The limits of the open adoption model

In the last issue, the concept of paradigms and a brief history of the modern adoption era was presented. Part 1 concluded with a challenge to the efficacy of the existing “open adoption” paradigm. In this second part of the article a new adoption paradigm is described and proposed.

A paradigm is a model or pattern for something that may be copied, or a theory or group of ideas about how something should be done or thought about.

Robert Noone, Ph.D., wrote in the Spring 2016 Family Journal, “New paradigms generally emerge when a sufficient number of discrepancies or anomalies arise which cannot be explained within the predominant paradigm.”

The prevailing conventional adoption paradigm since the early 1990s has been expressed through the concept of open adoption.
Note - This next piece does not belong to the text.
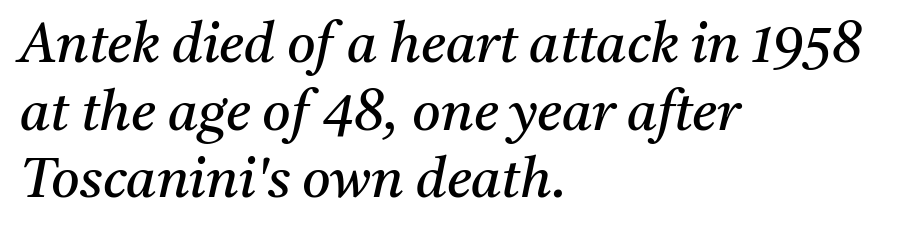
The image shows 55 px regular-weight serif type, italic (leaning right); set left-aligned, line spacing 1.23x, normal letter spacing, not underlined; medium stroke contrast and a medium x-height.

However, the concept of open adoption means different things to different people. For some it means regular visits and close, ongoing contact between the birth family and adoptive family. To others it means that birth mothers will receive annual written reports and photographs for a set period of time. For some, it means sharing identifying information, and for others, intermediaries are used to facilitate communication. Nonetheless, the term open adoption has become a conventional term/concept/paradigm that permeates the landscape, culture and practice of adoption today.

 

The many meanings of open adoption

In addition to being ill-defined, the open adoption paradigm does not address all the needs and wishes of young people who are interested in having contact with members of their family of origin; or the anxieties of adoptive parents who feel slighted and threatened when their children express affection for people with whom they are genetically related.

Birth parents frequently report feeling that their wishes for future contact were respected right up until they signed relinquishments, but then changed (many say that the promise of “open adoption” was used to trick them into signing relinquishments); and adopted people frequently struggle to understand what kinds of relationships are “okay” between them and genetically related family members.

There is no unanimity of thought or understanding about what open adoption means. This lack of clarity invariably leads to confusion and misunderstandings between birth parents and adoptive parents and within extended family networks.

All one has to do is find a birth parent or adoptee blog on social media to get a sense of the frustration and dissatisfaction with the current state of affairs, even when adoptive families say that they participated in an open adoption (whatever that means to them).

One adoptee blogger wrote: “Orphan trains followed by homes for unwed mothers, then to secretive closed adoptions to open adoptions and reunification. A hundred years and continuing evolution, and now hopefully the end of the practice of adoption.”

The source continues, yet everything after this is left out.